Çocuğun üstün faydası: çocukları etkileyebilecek istikamette verilen her karar yahut yapılan her süreç her vakit için onların üstün faydasına öncelik tanımalıdır.
Çocuğun varlığını ve gelişimini sürdürmesini sağlama: her çocuğun doğal olarak yaşama hakkı vardır. Onlara gelişmeleri ve potansiyellerini gerçekleştirebilmeleri için her fırsatın temin edilmesi, karar verme yetkisine sahip bireylerin sorumluluğundadır.

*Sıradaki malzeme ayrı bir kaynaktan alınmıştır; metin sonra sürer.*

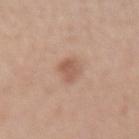Recorded during total-body skin imaging; not selected for excision or biopsy. The tile uses white-light illumination. Approximately 3 mm at its widest. On the right forearm. This image is a 15 mm lesion crop taken from a total-body photograph. The lesion-visualizer software estimated a border-irregularity rating of about 3/10, a within-lesion color-variation index near 2.5/10, and radial color variation of about 1. A female subject about 40 years old.

Katılım: Çocuklar kendi ömür ve deneyimlerinin uzmanlarıdır ve kendilerini etkileyecek kararlarda onlara danışılması gerekmektedir. Her çocuğun kendi fikrini söz etme hakkı vardır ve haklarının en âlâ formda nasıl korunacağı ve yerine getirileceğine ait tavsiye ve kıymetli bilgiler verebilirler.
Bu çocuklara ne oldu?
Diyarbakır Bağlar ilçesine bağlı Tavşantepe’de kaybolan 8 yaşındaki Narin Güran’ın cansız vücudu 18 gün sonra köyünün yakınlarındaki bir derede bulundu. Cinayet ve sonrasında yaşananlar Türkiye’nin en çok konuştuğu husus oldu. Cinayetle ilgili olarak ortalarında amca Salim, anne Yüksel ve ağabey Enes Güran ile komşuları Nevzat Bahtiyar hakkında “iştirak halinde çocuğa karşı taammüden öldürme” cürmünden ağırlaştırılmış müebbet mahpus cezası istemiyle iddianame hazırlandı. Sanıklar geçtiğimiz günlerde birinci defa hakim karşısına çıktı. Ancak cinayete dair hiçbir şey söylemediler. Narin’i kim ve neden öldürdü sorusu hala karşılık arıyor.
Tekirdağ’da 8 Eylül’de ise 2 yaşındaki Sıla bebeğin, uğradığı cinsel istismar ve şiddet nedeniyle hastaneye kaldırıldığı haberleri geldi. Sıla bebek tam 30 gün sonra ömrünü yitirdi. Olayla ilgili öz annesi başta olmak üzere, birlikte yaşadığı S.Ö. (57), komşuları K.A. (32) ile 13 yaşındaki oğlu K.A. ve 14 yaşındaki G.K. tutuklandı.
İzmir’in Selçuk ilçesinde ise annelerinin konutta bıraktığı en küçüğü 1, en büyüğü ise 5 yaşında olan Fadime Nefes (5), Funda Peri (4), Aslan Miraç (3), Masal Işık (2) ve Aras Bulut Akcan (1) yangında hayatlarını kaybetti.
Yenidoğan çetesi ise İstanbul’da, 112 Acil Davet Merkezi’nde çalışan şahıslarla ortak hareket ederek, bebek acil hastalarını evvelce anlaştıkları özel hastanelerin yenidoğan ünitelerine sevk edip vefatlarına neden oldukları teziyle yargı karşısında.